Für dieses Jahr sind auch die Einkeller-Kartoffeln je Kopf um 1 Zentner vermindert, das ist sehr viel, aber als Trostpflaster ist gleichzeitig die Erhöhung der Brotration angekündigt. Die Gemeinde Porz war wieder einmal nahe daran, die Fleisch-Sonderkarte zu verlieren. Die Bevölkerung hat schwer gemurrt, so wurde sie 8 Tage später doch noch ausgegeben. Ja, schließlich müssen immer mehr Städte damit ge-

tröstet werden. Neuerdings greifen die Engländer in einer Nacht schon zwei Städte an , und das in rascherer Reihenfolge als sie es bisher bei einer Stadt taten. In Köln wird die Zivilbevölkerung aufgerufen zu großem ‘Aufräum-Wochendende’ hinsichtlich Schutt und Unrat, und einer ‘Rattenbekämpfungsaktion’, da sich in den Trümmern das Ungeziefer jetzt breit macht. Ganz unerträglich ist in all diesen Strassen der Geruch des Leuchtgases, das anscheinend ungehindert aus vielen Stellen ausströmt. Die Schildergasse finde ich völlig unpassierbar. Man kann nur immer wieder sagen: Du arme Stadt.-

Gestern Abend war ich im Opernhaus in Calderons Lustspiel ‘Die Dame Kobold’. Es interessierte mich, wie man solche Dinge hier bringt - und ich war recht enttäuscht. Man hat dies Stück völlig verdorben, indem man Gefühle und zeremoniellen Brauch possenhaft übertrieb. Die

feinen Schönheiten sind dadurch kaum zur Geltung gekommen.

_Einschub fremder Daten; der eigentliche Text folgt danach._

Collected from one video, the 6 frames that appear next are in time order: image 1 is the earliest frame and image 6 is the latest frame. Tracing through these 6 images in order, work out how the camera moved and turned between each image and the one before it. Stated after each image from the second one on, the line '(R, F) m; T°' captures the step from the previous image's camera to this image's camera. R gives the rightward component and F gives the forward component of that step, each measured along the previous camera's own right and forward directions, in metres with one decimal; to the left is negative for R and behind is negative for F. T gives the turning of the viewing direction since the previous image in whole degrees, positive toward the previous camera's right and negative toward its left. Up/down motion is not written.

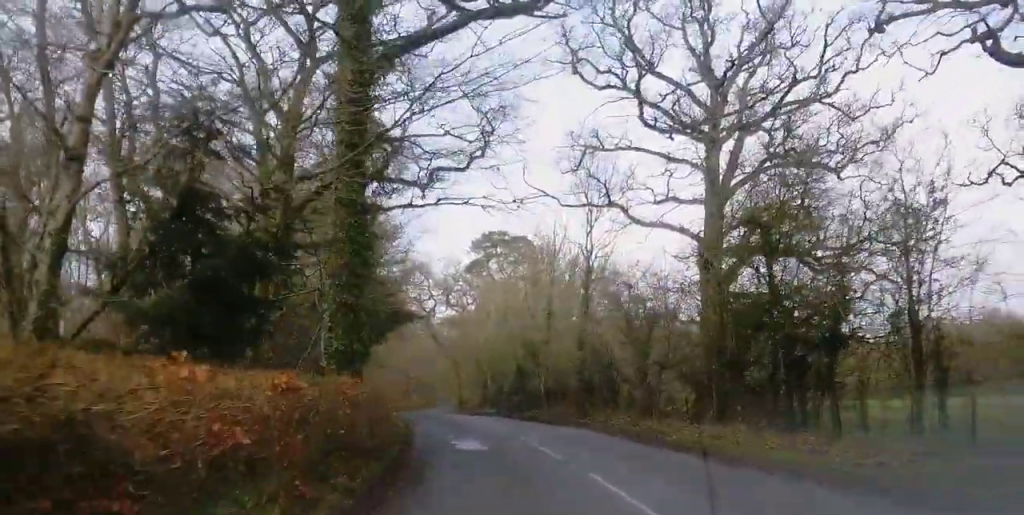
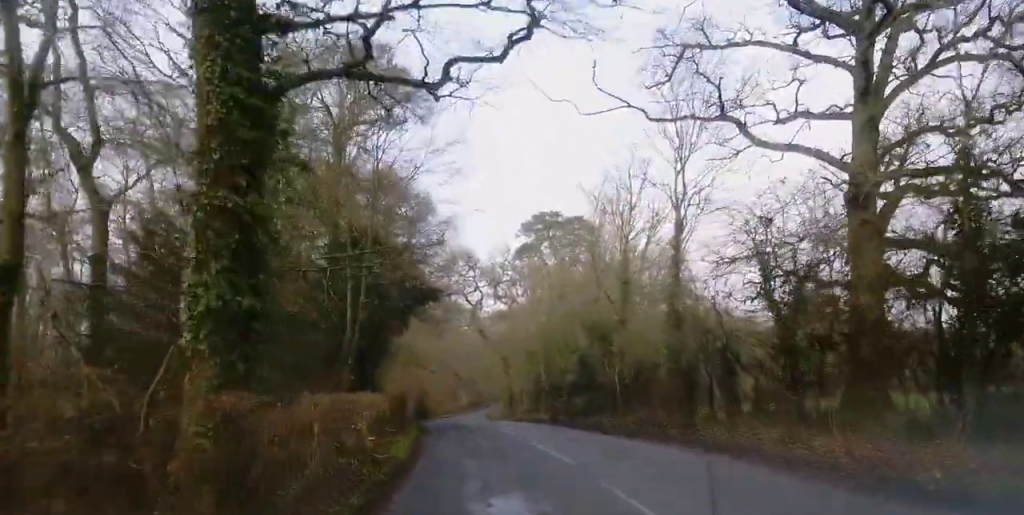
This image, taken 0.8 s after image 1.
(-0.4, +10.0) m; -4°
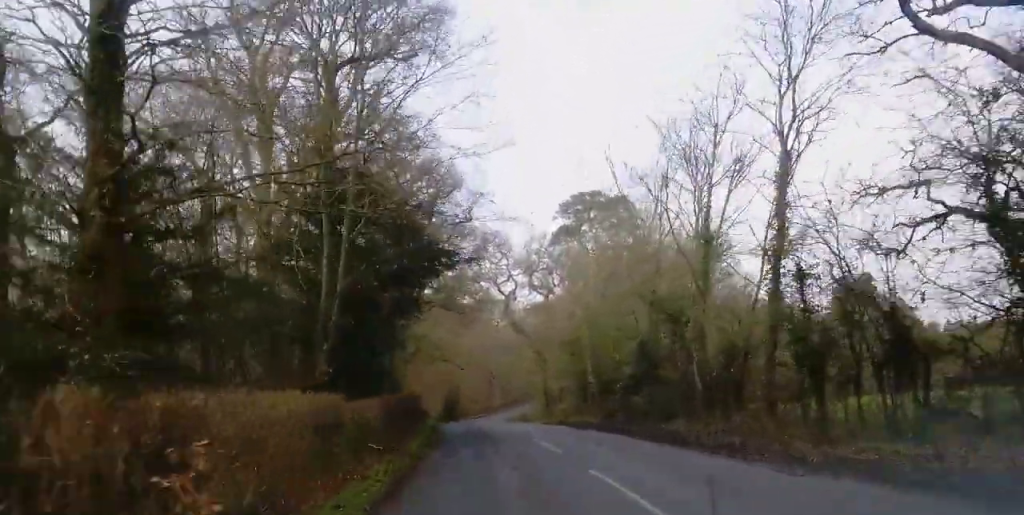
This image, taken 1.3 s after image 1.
(-0.1, +7.3) m; -3°
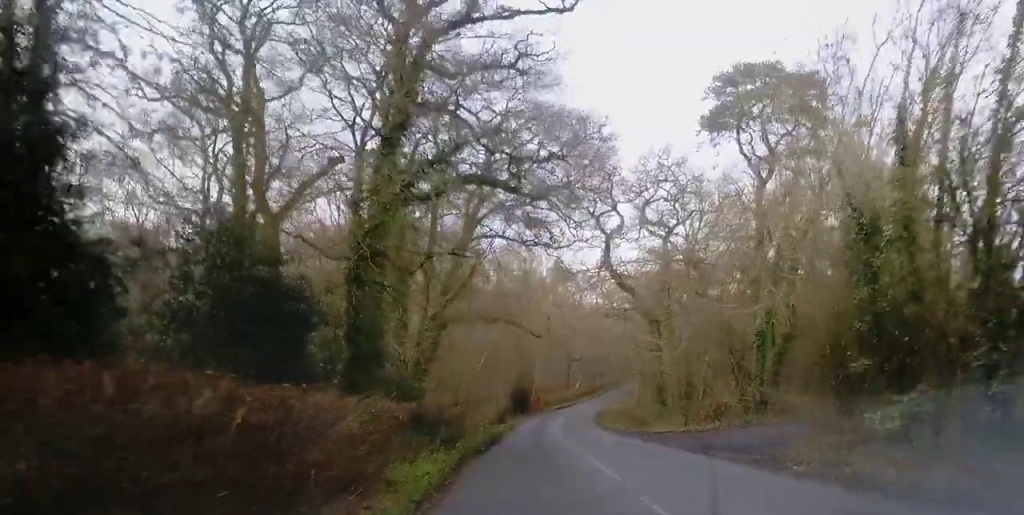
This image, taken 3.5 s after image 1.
(-1.7, +29.3) m; -7°
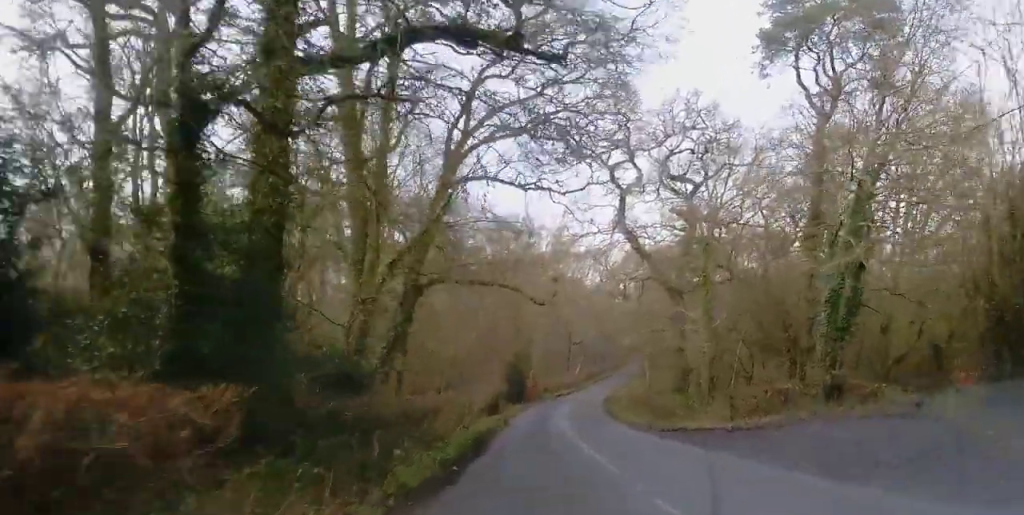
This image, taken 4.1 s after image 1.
(-0.1, +9.6) m; -4°
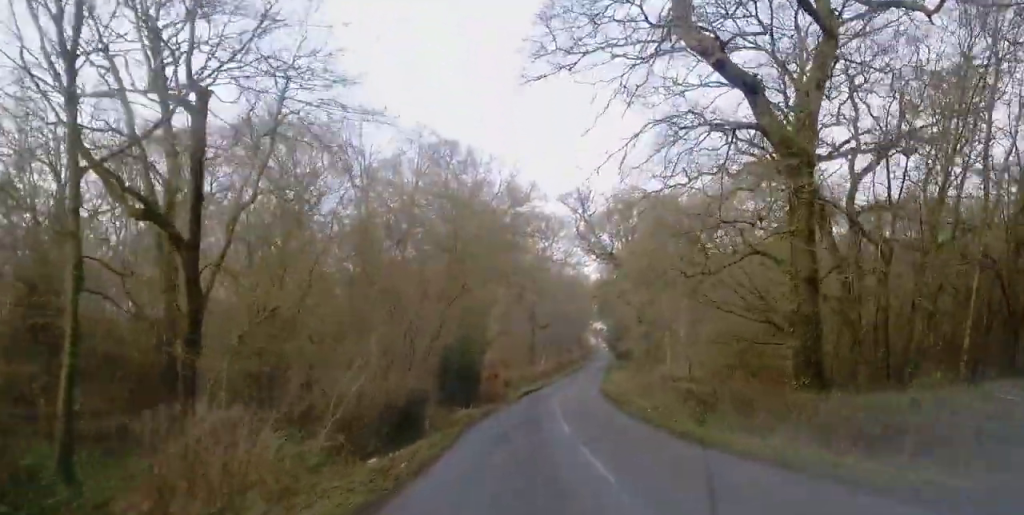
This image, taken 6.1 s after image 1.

Es war jammerschade um das entzückende Spiel. –

Ich merkte aber auch, ich kann gar nicht so am Herzensgrund lachen. Zu schwer ist das Nichtwissen um Dein augenblickliches Ergehen. Sieh’, wie auch jetzt, ich sitze in meinem Wohnzimmer in Sauberkeit, Wärme und Behaglichkeit, kann lesen, oder Musik machen - draußen regnet es in Strömen - und Dich in allem Graus zu denken! - Sollte man jetzt nicht einmal sich für einen einzigen armen Abend Fausts Zauberpferde wünschen?

Lieber Theo, komm bald zurück, bleibe gesund vor allem und behalte die schönen Kräfte Deiner Seele. Gottes Schutz sei mit Dir bei Tag und Nacht.- Schreibe wieder -

Ich grüße Dich herzlichst!
Deine Röschen

R.Sch. war als Transportbegleiterin im Rahmen der Kinderlandverschickung an der Mosel u.a. in Traben-Trarbach.